WHAT IS EXPECTED: Look for the string "fill" in the data below, and copy each line that holds it.

^^^^

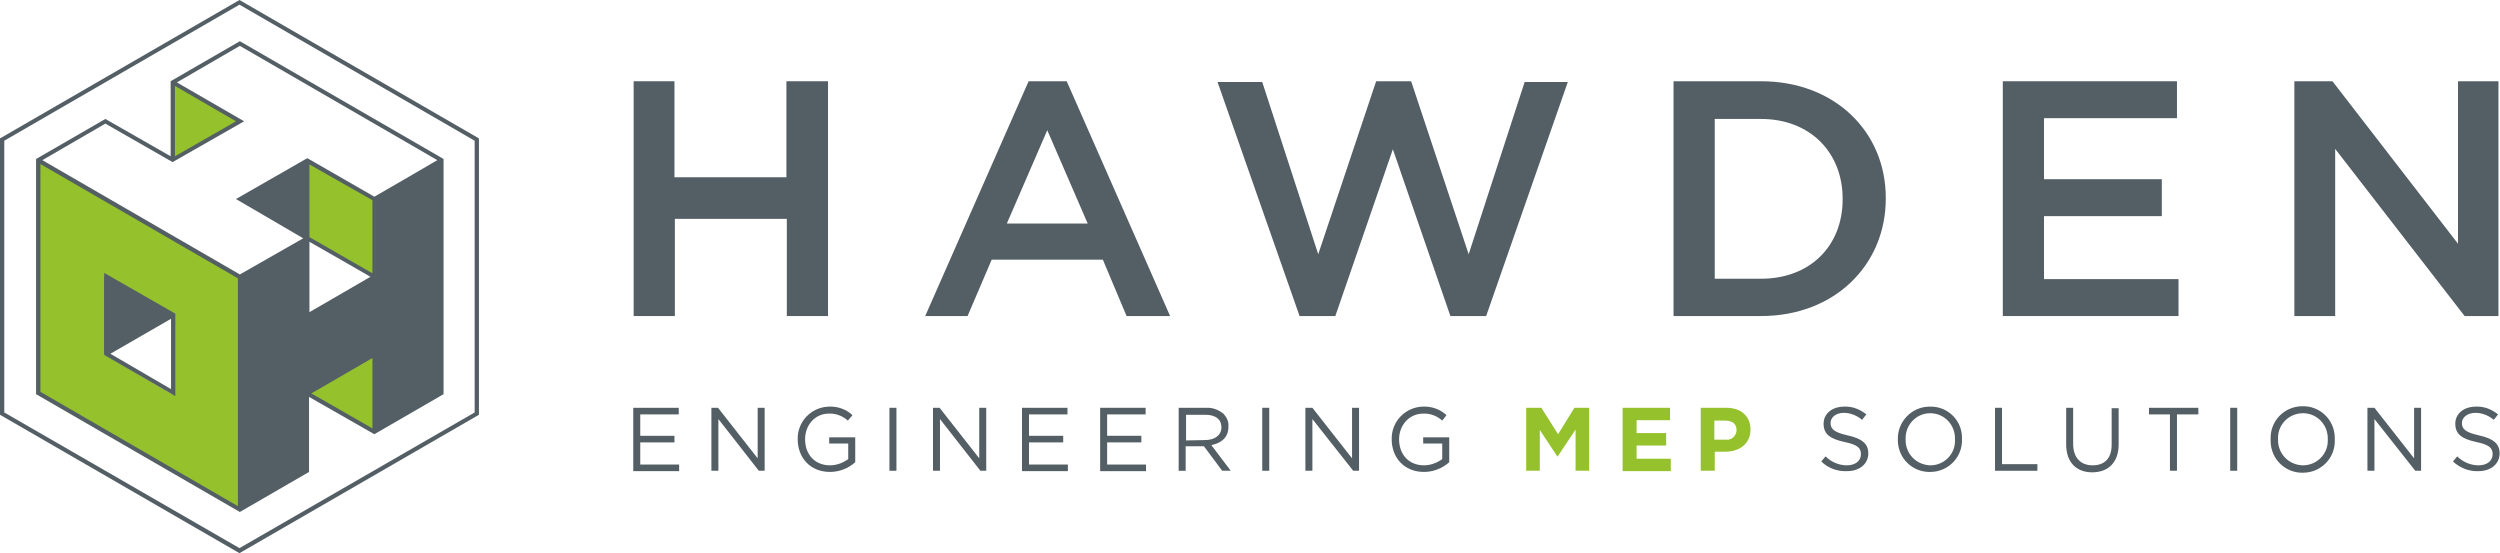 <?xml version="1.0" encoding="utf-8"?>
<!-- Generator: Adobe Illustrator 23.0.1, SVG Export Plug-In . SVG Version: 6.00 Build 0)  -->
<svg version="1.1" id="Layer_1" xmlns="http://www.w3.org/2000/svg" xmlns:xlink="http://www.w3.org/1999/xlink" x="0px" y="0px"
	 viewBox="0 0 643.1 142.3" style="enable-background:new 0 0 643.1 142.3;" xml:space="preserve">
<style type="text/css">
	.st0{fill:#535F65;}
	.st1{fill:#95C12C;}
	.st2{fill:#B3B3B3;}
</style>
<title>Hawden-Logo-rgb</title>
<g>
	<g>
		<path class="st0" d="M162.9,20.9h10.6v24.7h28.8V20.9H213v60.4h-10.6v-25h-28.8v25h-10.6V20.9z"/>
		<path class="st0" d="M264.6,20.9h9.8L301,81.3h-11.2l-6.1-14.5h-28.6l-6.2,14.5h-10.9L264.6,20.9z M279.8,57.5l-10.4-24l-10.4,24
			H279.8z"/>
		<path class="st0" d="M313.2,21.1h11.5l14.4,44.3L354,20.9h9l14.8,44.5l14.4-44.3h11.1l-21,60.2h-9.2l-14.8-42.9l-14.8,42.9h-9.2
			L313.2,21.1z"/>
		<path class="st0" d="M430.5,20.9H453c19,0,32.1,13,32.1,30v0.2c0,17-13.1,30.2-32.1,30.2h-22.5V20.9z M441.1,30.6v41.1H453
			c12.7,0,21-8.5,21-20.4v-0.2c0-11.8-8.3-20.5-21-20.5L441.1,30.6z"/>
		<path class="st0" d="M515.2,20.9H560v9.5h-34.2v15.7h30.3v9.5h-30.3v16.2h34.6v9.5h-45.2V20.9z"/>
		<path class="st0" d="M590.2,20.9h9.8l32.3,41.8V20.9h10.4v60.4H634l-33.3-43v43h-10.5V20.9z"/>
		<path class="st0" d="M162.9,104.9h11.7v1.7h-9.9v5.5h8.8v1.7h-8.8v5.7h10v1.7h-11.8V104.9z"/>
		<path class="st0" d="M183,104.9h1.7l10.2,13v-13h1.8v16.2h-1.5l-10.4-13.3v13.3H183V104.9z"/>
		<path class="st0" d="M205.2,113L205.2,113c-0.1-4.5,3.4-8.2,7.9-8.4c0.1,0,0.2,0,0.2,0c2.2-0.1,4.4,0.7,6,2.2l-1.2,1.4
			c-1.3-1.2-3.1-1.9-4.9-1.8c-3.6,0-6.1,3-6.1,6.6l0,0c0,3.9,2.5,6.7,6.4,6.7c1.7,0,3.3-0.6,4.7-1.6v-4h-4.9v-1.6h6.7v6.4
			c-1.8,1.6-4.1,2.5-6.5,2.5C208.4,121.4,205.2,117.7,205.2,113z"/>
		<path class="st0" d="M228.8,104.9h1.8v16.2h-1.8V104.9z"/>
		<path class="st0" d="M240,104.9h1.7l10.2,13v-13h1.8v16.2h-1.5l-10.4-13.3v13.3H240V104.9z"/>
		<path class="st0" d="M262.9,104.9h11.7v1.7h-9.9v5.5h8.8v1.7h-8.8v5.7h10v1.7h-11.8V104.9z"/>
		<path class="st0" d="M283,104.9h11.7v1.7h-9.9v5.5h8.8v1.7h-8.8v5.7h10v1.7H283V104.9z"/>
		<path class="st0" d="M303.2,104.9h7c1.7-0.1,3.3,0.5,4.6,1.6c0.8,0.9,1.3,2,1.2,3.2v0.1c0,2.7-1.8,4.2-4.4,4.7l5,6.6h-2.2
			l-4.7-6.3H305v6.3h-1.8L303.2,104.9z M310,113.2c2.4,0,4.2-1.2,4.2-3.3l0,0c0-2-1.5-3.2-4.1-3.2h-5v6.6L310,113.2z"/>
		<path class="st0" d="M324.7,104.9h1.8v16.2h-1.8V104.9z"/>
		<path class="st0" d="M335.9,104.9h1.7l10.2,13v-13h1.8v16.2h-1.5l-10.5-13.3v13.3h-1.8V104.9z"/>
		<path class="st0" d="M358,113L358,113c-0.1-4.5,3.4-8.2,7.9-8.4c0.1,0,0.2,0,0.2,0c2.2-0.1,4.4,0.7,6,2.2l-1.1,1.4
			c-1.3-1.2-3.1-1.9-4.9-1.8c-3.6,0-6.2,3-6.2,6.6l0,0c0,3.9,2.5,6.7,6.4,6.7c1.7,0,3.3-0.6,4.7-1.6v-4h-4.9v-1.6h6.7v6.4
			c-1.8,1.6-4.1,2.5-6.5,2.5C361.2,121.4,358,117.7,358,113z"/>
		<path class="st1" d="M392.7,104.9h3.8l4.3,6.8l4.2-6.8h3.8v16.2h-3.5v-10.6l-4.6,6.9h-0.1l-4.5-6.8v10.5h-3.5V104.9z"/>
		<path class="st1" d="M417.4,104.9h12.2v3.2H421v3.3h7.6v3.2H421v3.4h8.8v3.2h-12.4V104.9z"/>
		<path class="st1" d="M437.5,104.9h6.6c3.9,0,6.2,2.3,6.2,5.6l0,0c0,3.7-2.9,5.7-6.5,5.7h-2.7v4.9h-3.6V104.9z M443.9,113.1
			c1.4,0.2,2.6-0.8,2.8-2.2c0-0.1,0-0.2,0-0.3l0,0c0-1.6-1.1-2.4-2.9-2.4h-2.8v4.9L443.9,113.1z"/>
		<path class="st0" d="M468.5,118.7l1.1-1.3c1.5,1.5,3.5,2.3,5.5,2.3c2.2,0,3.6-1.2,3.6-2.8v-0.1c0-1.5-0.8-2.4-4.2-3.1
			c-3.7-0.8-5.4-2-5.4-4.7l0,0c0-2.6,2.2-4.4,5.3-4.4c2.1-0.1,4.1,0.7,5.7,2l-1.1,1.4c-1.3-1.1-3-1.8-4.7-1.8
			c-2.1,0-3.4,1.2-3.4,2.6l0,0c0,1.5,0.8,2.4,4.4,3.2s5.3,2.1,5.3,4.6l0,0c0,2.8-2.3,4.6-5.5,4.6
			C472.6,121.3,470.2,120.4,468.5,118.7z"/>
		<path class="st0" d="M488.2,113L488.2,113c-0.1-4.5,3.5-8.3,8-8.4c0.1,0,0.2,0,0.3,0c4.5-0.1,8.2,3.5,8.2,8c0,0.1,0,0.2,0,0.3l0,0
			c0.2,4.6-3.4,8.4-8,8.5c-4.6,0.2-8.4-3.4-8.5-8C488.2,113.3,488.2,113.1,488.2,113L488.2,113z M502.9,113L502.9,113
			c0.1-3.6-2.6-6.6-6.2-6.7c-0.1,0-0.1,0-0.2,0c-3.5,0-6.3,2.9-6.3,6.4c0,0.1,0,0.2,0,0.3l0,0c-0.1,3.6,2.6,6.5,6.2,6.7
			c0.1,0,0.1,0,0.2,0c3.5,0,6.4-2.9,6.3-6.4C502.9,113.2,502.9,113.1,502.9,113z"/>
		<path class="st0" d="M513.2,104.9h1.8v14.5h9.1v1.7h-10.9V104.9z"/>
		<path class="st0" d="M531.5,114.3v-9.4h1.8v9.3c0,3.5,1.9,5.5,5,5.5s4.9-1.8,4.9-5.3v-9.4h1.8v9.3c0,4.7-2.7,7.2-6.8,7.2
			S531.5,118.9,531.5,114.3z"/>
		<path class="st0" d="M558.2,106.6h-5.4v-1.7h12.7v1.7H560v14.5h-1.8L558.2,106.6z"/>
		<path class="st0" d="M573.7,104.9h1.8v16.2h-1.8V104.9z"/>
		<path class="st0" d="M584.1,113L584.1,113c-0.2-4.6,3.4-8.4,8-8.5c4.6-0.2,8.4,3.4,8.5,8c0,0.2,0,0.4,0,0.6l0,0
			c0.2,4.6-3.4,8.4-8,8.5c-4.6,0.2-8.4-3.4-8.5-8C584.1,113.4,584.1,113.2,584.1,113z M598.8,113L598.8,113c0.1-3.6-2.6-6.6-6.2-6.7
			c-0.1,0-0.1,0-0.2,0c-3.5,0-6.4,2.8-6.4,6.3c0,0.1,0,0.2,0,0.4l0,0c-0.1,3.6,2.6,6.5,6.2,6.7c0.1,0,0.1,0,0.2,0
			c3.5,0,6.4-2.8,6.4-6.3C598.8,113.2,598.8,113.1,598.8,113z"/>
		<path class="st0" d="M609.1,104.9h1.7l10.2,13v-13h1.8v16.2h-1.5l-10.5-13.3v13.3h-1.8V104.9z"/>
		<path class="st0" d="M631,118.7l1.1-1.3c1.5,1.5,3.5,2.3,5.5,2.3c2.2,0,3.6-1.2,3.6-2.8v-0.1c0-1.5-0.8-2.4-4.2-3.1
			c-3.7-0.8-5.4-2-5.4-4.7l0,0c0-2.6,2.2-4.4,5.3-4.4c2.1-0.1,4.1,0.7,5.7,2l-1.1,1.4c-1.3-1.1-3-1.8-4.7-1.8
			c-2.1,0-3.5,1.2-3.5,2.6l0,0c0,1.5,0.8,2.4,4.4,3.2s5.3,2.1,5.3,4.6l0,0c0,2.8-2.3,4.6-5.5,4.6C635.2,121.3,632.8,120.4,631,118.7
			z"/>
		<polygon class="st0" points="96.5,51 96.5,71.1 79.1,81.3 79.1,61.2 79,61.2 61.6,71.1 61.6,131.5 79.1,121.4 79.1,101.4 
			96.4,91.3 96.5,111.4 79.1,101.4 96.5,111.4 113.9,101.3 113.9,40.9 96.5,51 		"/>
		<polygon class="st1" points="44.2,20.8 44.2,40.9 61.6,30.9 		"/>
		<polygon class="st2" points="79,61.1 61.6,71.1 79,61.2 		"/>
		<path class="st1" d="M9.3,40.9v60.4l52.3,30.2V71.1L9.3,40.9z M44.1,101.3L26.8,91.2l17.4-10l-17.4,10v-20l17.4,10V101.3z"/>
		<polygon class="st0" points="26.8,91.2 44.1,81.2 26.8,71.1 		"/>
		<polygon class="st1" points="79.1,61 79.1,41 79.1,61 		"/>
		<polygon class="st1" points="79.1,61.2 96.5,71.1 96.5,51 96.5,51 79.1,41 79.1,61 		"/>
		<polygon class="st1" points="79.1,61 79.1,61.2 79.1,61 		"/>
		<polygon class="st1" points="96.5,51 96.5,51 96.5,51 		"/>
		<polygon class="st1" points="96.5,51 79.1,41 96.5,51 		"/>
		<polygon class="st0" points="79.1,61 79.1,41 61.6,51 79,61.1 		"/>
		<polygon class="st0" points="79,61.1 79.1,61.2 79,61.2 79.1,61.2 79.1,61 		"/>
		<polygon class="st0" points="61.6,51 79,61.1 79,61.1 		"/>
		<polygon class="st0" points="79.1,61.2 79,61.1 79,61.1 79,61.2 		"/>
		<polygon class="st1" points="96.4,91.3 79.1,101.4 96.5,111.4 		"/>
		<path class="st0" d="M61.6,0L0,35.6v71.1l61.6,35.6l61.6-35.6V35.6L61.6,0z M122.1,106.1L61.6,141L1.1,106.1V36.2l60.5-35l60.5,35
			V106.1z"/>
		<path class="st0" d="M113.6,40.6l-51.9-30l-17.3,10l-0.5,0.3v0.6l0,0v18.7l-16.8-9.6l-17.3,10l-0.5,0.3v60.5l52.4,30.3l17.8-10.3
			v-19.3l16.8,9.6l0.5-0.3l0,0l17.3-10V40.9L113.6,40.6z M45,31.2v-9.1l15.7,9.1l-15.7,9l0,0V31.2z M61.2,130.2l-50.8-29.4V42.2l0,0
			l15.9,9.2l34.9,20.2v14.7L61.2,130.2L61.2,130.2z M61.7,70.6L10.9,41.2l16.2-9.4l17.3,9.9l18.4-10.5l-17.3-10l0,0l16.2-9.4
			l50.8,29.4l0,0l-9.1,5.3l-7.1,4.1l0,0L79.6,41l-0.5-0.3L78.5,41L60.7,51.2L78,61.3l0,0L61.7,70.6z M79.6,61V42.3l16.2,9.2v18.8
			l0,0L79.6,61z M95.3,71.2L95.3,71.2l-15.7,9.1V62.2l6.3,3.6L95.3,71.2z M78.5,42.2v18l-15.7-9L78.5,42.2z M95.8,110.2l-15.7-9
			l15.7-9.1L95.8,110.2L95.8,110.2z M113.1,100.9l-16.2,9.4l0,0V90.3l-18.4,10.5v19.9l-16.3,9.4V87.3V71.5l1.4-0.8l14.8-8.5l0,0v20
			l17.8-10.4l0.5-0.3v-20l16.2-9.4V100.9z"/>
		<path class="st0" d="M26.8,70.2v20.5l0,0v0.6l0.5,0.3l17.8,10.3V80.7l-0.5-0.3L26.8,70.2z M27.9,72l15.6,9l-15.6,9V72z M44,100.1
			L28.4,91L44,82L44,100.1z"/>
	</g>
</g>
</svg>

^^^^

EXERCISE SOLUTION:
	.st0{fill:#535F65;}
	.st1{fill:#95C12C;}
	.st2{fill:#B3B3B3;}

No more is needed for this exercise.